Startup Trifacta Embracing the Data Scientist in All of Us
Organizations drowning in big and small data will soon have a new way to wrangle, munge or transform it however you want to describe the process thanks to software from startup Trifacta that's now in beta tests.
Thu, December 05, 2013
Network World — Organizations drowning in big and small data will soon have a new way to wrangle, munge or transform it however you want to describe the process thanks to software from startup Trifacta that's now in beta tests.
The San Francisco company, whose staff has grown from its three computer scientist founders a year ago to a robust 22 employees, today announced a second round of venture funds totaling $12 million led by Greylock Partners and Accel Partners. That brings overall funding to $16.3 million. The new funds will allow Trifacta to bulk up product design, engineering, sales and marketing, and should pave the way for the company to roll out its data management technology next year.
First-time CEO Joe Hellerstein, who this week will present at the Data Science Summit in Redwood City, Calif., says Trifacta software sits "in the lifecycle of data between the time it has landed in infrastructure typically something like Hadoop and the time it is consumed in business intelligence or predictive analytics tools." Expect Trifacta to partner with companies whose products bookend its own, such as Cloudera, Pivotal and Tableau.
Trifacta seeks to make cleaning up that raw data faster so that data scientists and business analysts can spend more of their time analyzing it and making use of it (And the company isn't overlooking "small data," either, such as enabling users to transfer contact information from one app to another.). "There's a real user interface challenge," Hellerstein says. (Hear him talk about the startup as well in the embedded audio clip.)
The product will consist of a Web-based user interface and lightweight service on the back end that Hellerstein says can be hosted on relatively modest hardware and that will contain metadata useful for predicting how users might employ the software the longer they have it. The serious number crunching still takes place on existing big data infrastructure, he says.
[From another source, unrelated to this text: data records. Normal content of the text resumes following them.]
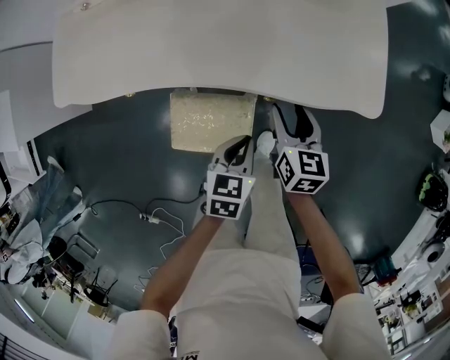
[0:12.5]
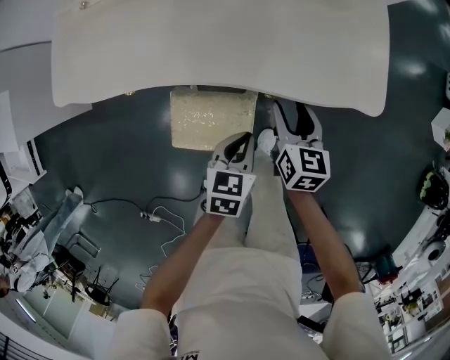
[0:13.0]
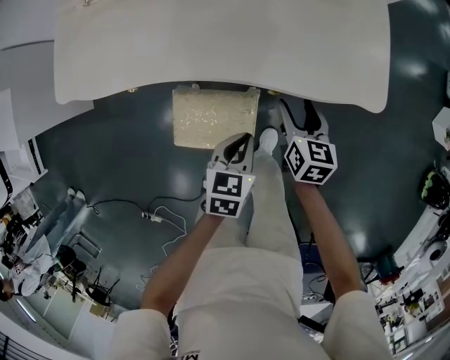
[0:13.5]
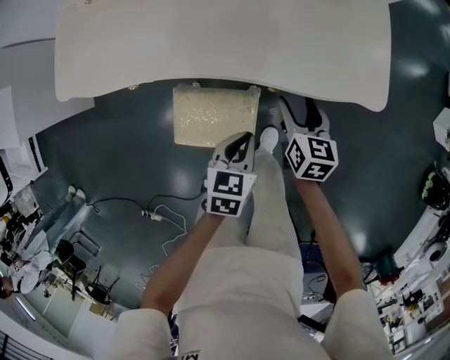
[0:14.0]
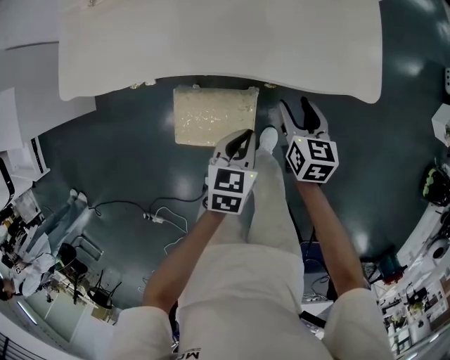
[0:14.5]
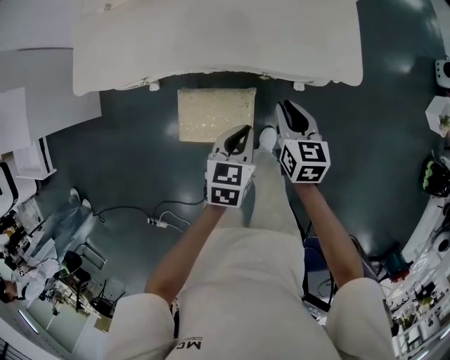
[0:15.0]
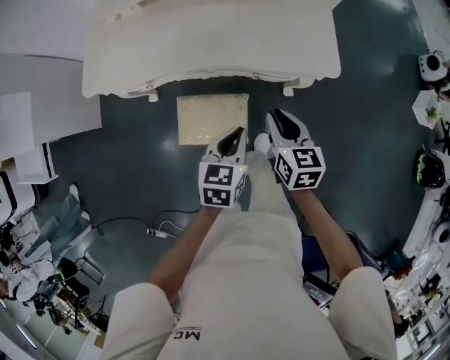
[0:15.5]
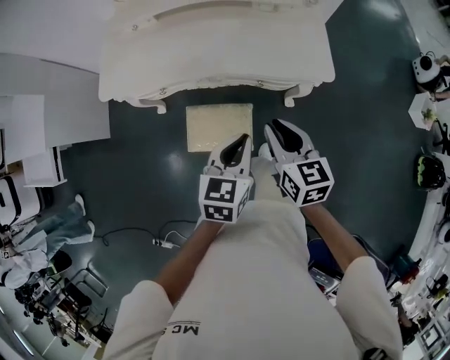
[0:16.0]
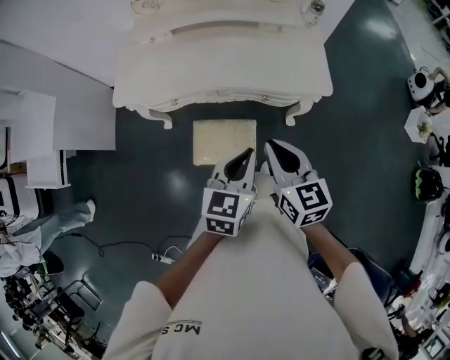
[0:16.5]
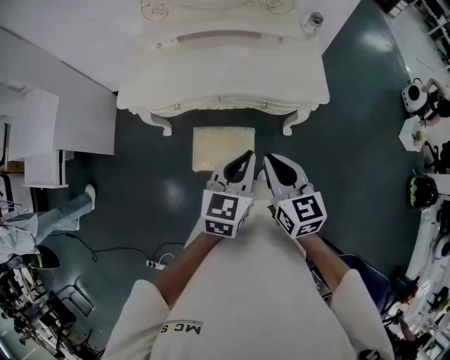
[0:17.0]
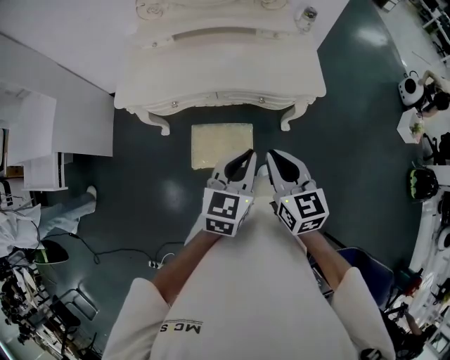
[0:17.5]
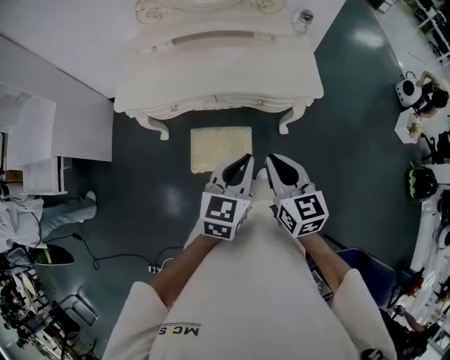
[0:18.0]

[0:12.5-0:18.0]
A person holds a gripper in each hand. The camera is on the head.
0:12.5 to 0:14.5: There are only small adjustments of the grippers.
0:14.5 to 0:16.0: The right gripper travels upward and backward by some 25 cm, and closes. Meanwhile the left gripper travels upward by about 20 cm.
0:16.0 to 0:18.0: The grippers both shift backward and upward by some 10 cm.

While the hullabaloo over big data might elude those running enterprise networks, Hellerstein sees plenty of ways in which such IT pros might benefit from getting a better handle on the streams and reams of information in their organizations.
"Everyone's a data scientist nowadays, everybody is trying to be more data driven," he says. "People in IT obviously have a great interest in looking at machine-generated data in one form or another...such as in data security (not that Trifacta is targeting that vertical market particularly)."